Available data: Begin

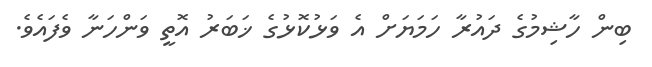
ބިން ހާޝިމުގެ ދައުރާ ހަމަޔަށް އެ ވަޅުކޮޅުގެ ޚަބަރު އޮތީ ވަންހަނާ ވެފައެވެ.
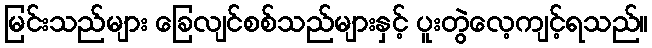
မြင်းသည်များ ခြေလျင်စစ်သည်များနှင့် ပူးတွဲလေ့ကျင့်ရသည်။
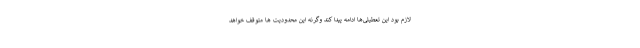
لازم بود این تعطیلی‌ها ادامه پیدا کند وگرنه این محدودیت ها متوقف خواهد
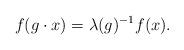
LaTeX: \begin{align*}f(g\cdot x) = \lambda(g)^{-1}f(x).\end{align*}
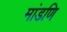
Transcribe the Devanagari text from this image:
मांडणि
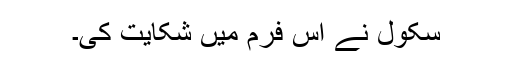
سکول نے اُس فرم میں شکایت کی۔
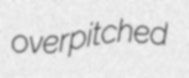
overpitched
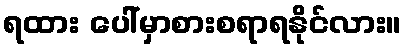
ရထား ပေါ်မှာစားစရာရနိုင်လား။
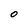
Character: 0
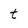
Character: t

Available data: End

_Your instructions_: Return, exactly as they appear, the lines from the line containing "မြင်းသည်များ ခြေလျင်စစ်သည်များနှင့် ပူးတွဲလေ့ကျင့်ရသည်။" through the end of the records above, both ends included, without pictures.

_Answer section_:
မြင်းသည်များ ခြေလျင်စစ်သည်များနှင့် ပူးတွဲလေ့ကျင့်ရသည်။
لازم بود این تعطیلی‌ها ادامه پیدا کند وگرنه این محدودیت ها متوقف خواهد
LaTeX: \begin{align*}f(g\cdot x) = \lambda(g)^{-1}f(x).\end{align*}
Transcribe the Devanagari text from this image:
मांडणि
سکول نے اُس فرم میں شکایت کی۔
overpitched
ရထား ပေါ်မှာစားစရာရနိုင်လား။
Character: 0
Character: t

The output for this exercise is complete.